* _About this exercise_
Transcribe each entry exactly as it appears, leaving out any picture it holds.

Start of Record set

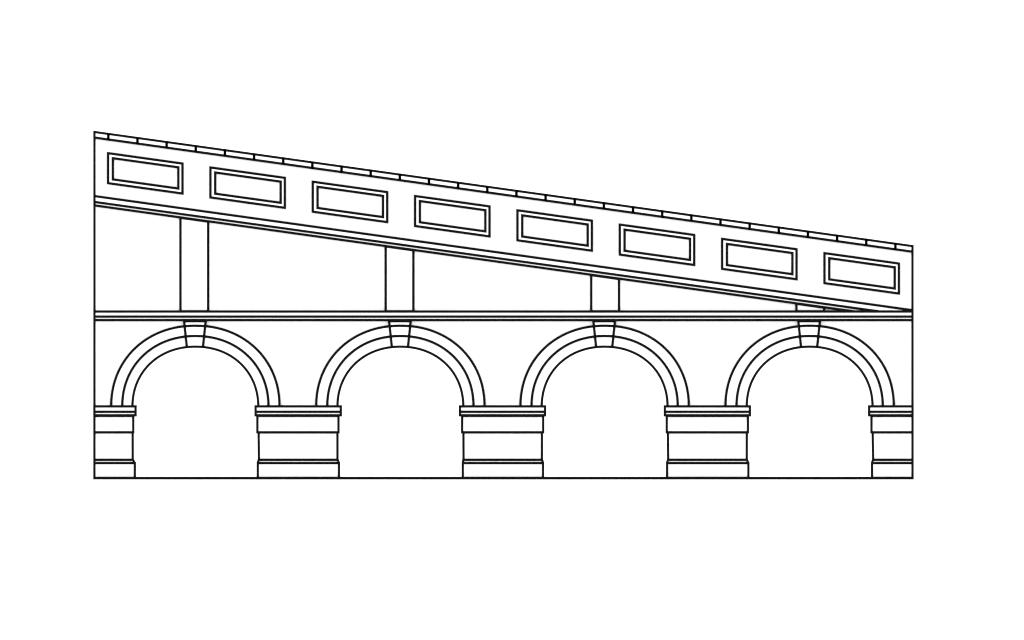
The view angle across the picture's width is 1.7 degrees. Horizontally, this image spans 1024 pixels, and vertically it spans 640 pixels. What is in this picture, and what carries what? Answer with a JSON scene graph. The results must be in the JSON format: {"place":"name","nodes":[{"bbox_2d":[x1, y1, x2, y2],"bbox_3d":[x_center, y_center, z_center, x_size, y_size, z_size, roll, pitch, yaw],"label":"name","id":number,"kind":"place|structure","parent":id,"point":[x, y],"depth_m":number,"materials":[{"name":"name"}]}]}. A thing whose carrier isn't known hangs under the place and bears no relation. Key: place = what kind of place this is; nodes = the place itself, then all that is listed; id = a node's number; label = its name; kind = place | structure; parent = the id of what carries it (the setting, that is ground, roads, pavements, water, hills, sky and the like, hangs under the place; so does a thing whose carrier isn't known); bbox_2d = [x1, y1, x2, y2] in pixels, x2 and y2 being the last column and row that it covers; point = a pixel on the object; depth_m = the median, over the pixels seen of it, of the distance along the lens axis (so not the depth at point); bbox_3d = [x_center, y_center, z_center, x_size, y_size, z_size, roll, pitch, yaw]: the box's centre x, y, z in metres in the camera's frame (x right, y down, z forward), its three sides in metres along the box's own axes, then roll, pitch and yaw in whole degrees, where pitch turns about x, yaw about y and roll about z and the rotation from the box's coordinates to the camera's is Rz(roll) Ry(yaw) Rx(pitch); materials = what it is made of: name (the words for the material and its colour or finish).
{"place":"outdoors","nodes":[
{"label":"outdoors","id":0,"kind":"place"},
{"bbox_2d":[93,131,913,478],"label":"arcaded ramp","id":1,"kind":"structure","parent":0,"point":[297,289],"depth_m":999.99,"materials":[{"name":"white stone"}]},
{"bbox_2d":[0,325,1023,639],"bbox_3d":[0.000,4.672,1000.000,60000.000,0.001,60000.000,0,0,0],"label":"ground","id":2,"kind":"structure","parent":0,"point":[932,549],"depth_m":811.57,"materials":[{"name":"white"}]},
{"bbox_2d":[0,0,1023,324],"label":"sky","id":3,"kind":"structure","parent":0,"point":[898,121],"materials":[{"name":"white"}]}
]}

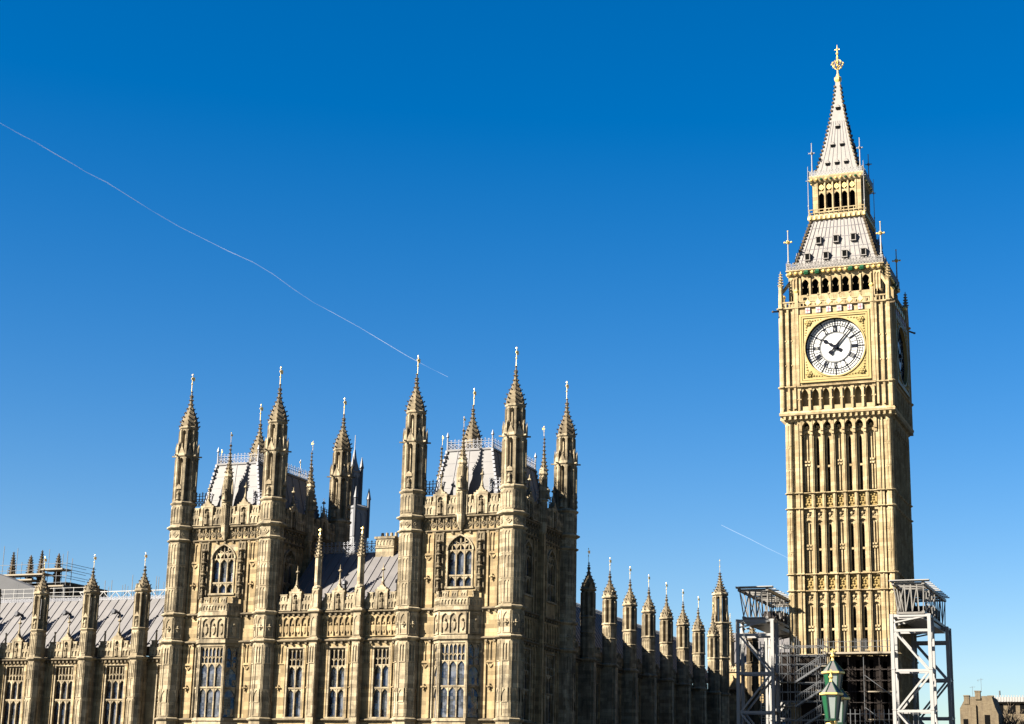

End of Record set

* _Written solution_
The view angle across the picture's width is 1.7 degrees. Horizontally, this image spans 1024 pixels, and vertically it spans 640 pixels. What is in this picture, and what carries what? Answer with a JSON scene graph. The results must be in the JSON format: {"place":"name","nodes":[{"bbox_2d":[x1, y1, x2, y2],"bbox_3d":[x_center, y_center, z_center, x_size, y_size, z_size, roll, pitch, yaw],"label":"name","id":number,"kind":"place|structure","parent":id,"point":[x, y],"depth_m":number,"materials":[{"name":"name"}]}]}. A thing whose carrier isn't known hangs under the place and bears no relation. Key: place = what kind of place this is; nodes = the place itself, then all that is listed; id = a node's number; label = its name; kind = place | structure; parent = the id of what carries it (the setting, that is ground, roads, pavements, water, hills, sky and the like, hangs under the place; so does a thing whose carrier isn't known); bbox_2d = [x1, y1, x2, y2] in pixels, x2 and y2 being the last column and row that it covers; point = a pixel on the object; depth_m = the median, over the pixels seen of it, of the distance along the lens axis (so not the depth at point); bbox_3d = [x_center, y_center, z_center, x_size, y_size, z_size, roll, pitch, yaw]: the box's centre x, y, z in metres in the camera's frame (x right, y down, z forward), its three sides in metres along the box's own axes, then roll, pitch and yaw in whole degrees, where pitch turns about x, yaw about y and roll about z and the rotation from the box's coordinates to the camera's is Rz(roll) Ry(yaw) Rx(pitch); materials = what it is made of: name (the words for the material and its colour or finish).
{"place":"outdoors","nodes":[
{"label":"outdoors","id":0,"kind":"place"},
{"bbox_2d":[93,131,913,478],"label":"arcaded ramp","id":1,"kind":"structure","parent":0,"point":[297,289],"depth_m":999.99,"materials":[{"name":"white stone"}]},
{"bbox_2d":[0,325,1023,639],"bbox_3d":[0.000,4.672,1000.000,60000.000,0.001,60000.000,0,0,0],"label":"ground","id":2,"kind":"structure","parent":0,"point":[932,549],"depth_m":811.57,"materials":[{"name":"white"}]},
{"bbox_2d":[0,0,1023,324],"label":"sky","id":3,"kind":"structure","parent":0,"point":[898,121],"materials":[{"name":"white"}]}
]}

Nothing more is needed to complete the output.